De repente, esa paralela la impactó. Su corazón se apretó dolorosamente —qué injusto era ver a un niño arrancado de su mundo, de su amor, de su hogar.

— Lizonka, mi sol —llamó suavemente Mijaíl, arrodillándose—. Soy yo, el tío Misha. ¿Me recuerdas? Ahora mira quién vino con nosotros…

Sostenía cuidadosamente a Moisés en sus manos. El gato blanco, al oír la voz familiar de la niña, se agitó, quiso liberarse y exigió salir. Mijaíl lo dejó en el suelo. Moisés corrió directo hacia la niña, maullando lastimosamente y mirando fijamente a sus ojos.

La mirada de Liza, antes vacía, comenzó a llenarse de significado. Cuando el gato rodeó sus piernas y ronroneó, la niña soltó la mano de la cuidadora y torpemente se arrodilló, abrazando a su amigo peludo. Lágrimas corrían por sus mejillas mientras enterraba el rostro en su cálido pelaje.

— Moisés… Moiseyushka, has vuelto a mí… —susurraba entre lágrimas.

Lilia no pudo contenerse y también lloró, viendo ese milagro. Hasta el director se apartó rápidamente, secándose la nariz.

— Mi querida —dijo Mijaíl, abrazando a la niña y al gato—. Todo mejorará, estoy contigo.

— Tío Misha, ¿puedo ir contigo? —preguntó tímidamente Liza.

— Para eso vine, Lizonka. Tú y Moisés se van a casa ahora. Ya los esperan allí.

— ¿Y Misha, Sashka y Lyoshik no se enojarán porque vamos? —preguntó ella con duda.

— ¡Qué va! Ya no paran de preguntar cuándo llegarán ustedes. Además… ahora hay una persona más que vivirá con nosotros.
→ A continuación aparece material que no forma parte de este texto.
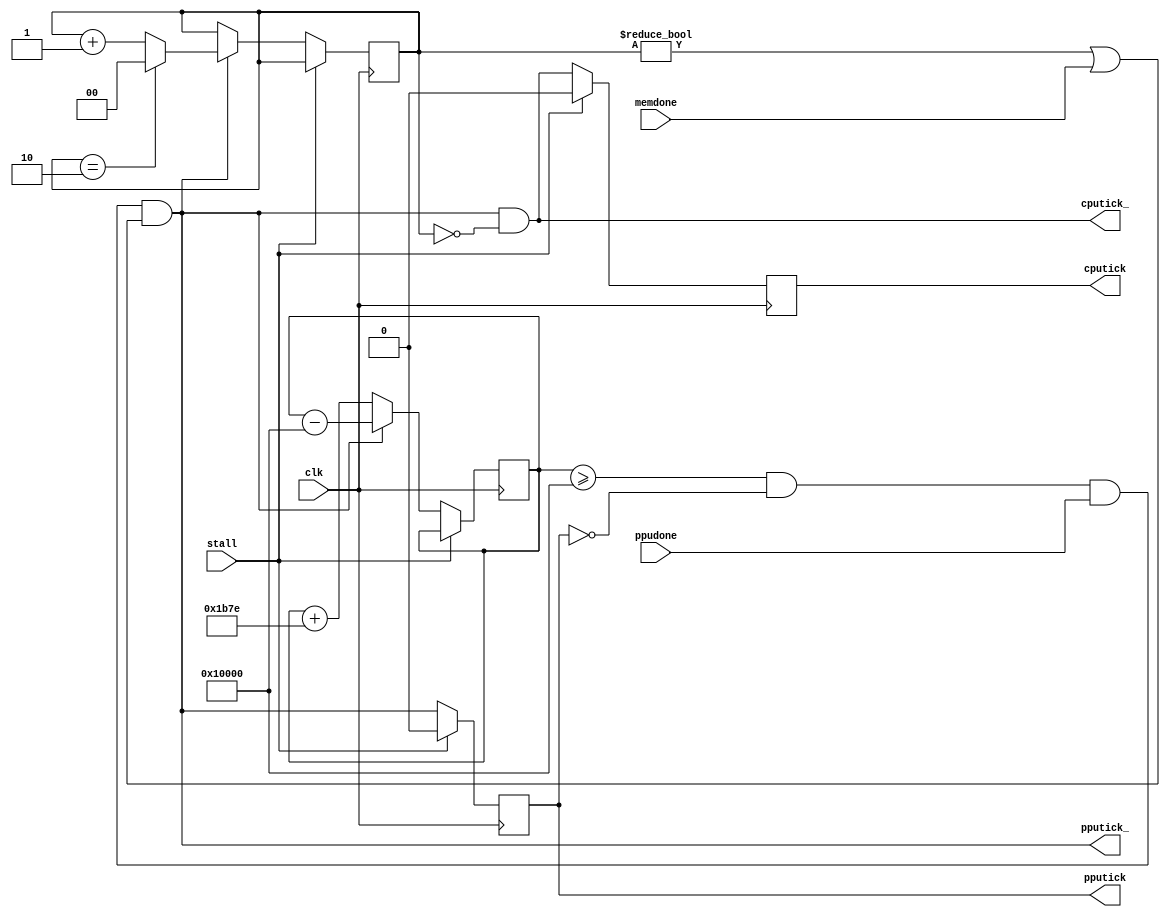
module tickgen(
	input wire clk,
	input wire stall,
	input wire memdone,
	input wire ppudone,
	output reg cputick,
	output reg cputick_,
	output reg pputick,
	output reg pputick_
);

	parameter SYSMHZ = 50;
	localparam TARGMHZ = 21.4787272 / 4;
	localparam SCALE = 65536;
	localparam integer INC = TARGMHZ / SYSMHZ * SCALE;
	
	reg [20:0] ctr, ctr_;
	reg [1:0] div, div_;
	reg carry;
	
	always @(posedge clk) begin
		if(!stall) begin
			ctr <= ctr_;
			div <= div_;
			cputick <= cputick_;
			pputick <= pputick_;
		end else begin
			cputick <= 0;
			pputick <= 0;
		end
	end
	
	always @(*) begin
		ctr_ = ctr + INC[20:0];
		pputick_ = ctr >= SCALE && !pputick && ppudone && (div != 0 || memdone);
		if(pputick_)
			ctr_ = ctr - SCALE;
		div_ = div;
		if(pputick_)
			if(div == 2)
				div_ = 0;
			else
				div_ = div + 1;
		cputick_ = pputick_ && div == 0;
	end
			

endmodule

Miró a Lilia y sonrió levemente.

Dos meses después, Lilia estaba en el aeropuerto, sosteniendo una maleta por el asa. Durante todo ese tiempo pensó en ese encuentro en el orfanato. Había cambiado a la modalidad a distancia de sus estudios y, terminados sus asuntos pendientes, estaba lista para partir.

Al salir de la zona de arribos vio a Mijaíl sosteniendo a Moisés en brazos. Detrás de él, tres niños, y a un lado, Liza saludando alegremente con la mano.

— ¡Aquí te recibe todo el regimiento! —rió Mijaíl abrazando a Lilia—. Conócelos: estos son mis chicos —Mijaíl, Aleksandr y Alexéi.

Los niños asintieron educadamente y luego se susurraron algo entre ellos.

— Y ya te hiciste amiga de Liza.

— ¡Tía Lilia! —exclamó Liza, corriendo hacia la joven y abrazándola—. ¡Qué feliz estoy!

— ¡Mi niña querida! —susurró Lilia, estrechándola contra sí—. Y, por supuesto, Moisés también está aquí…

— ¡Él no se habría quedado en casa de ninguna manera! Porque todo esto empezó con él —rió Mijaíl, entregándole al gato.

Moisés se frotó contra el hombro de Lilia, ronroneando suavemente, como diciendo: «Te recuerdo». Las manos que una vez lo sacaron del abismo de la soledad estaban de nuevo cerca.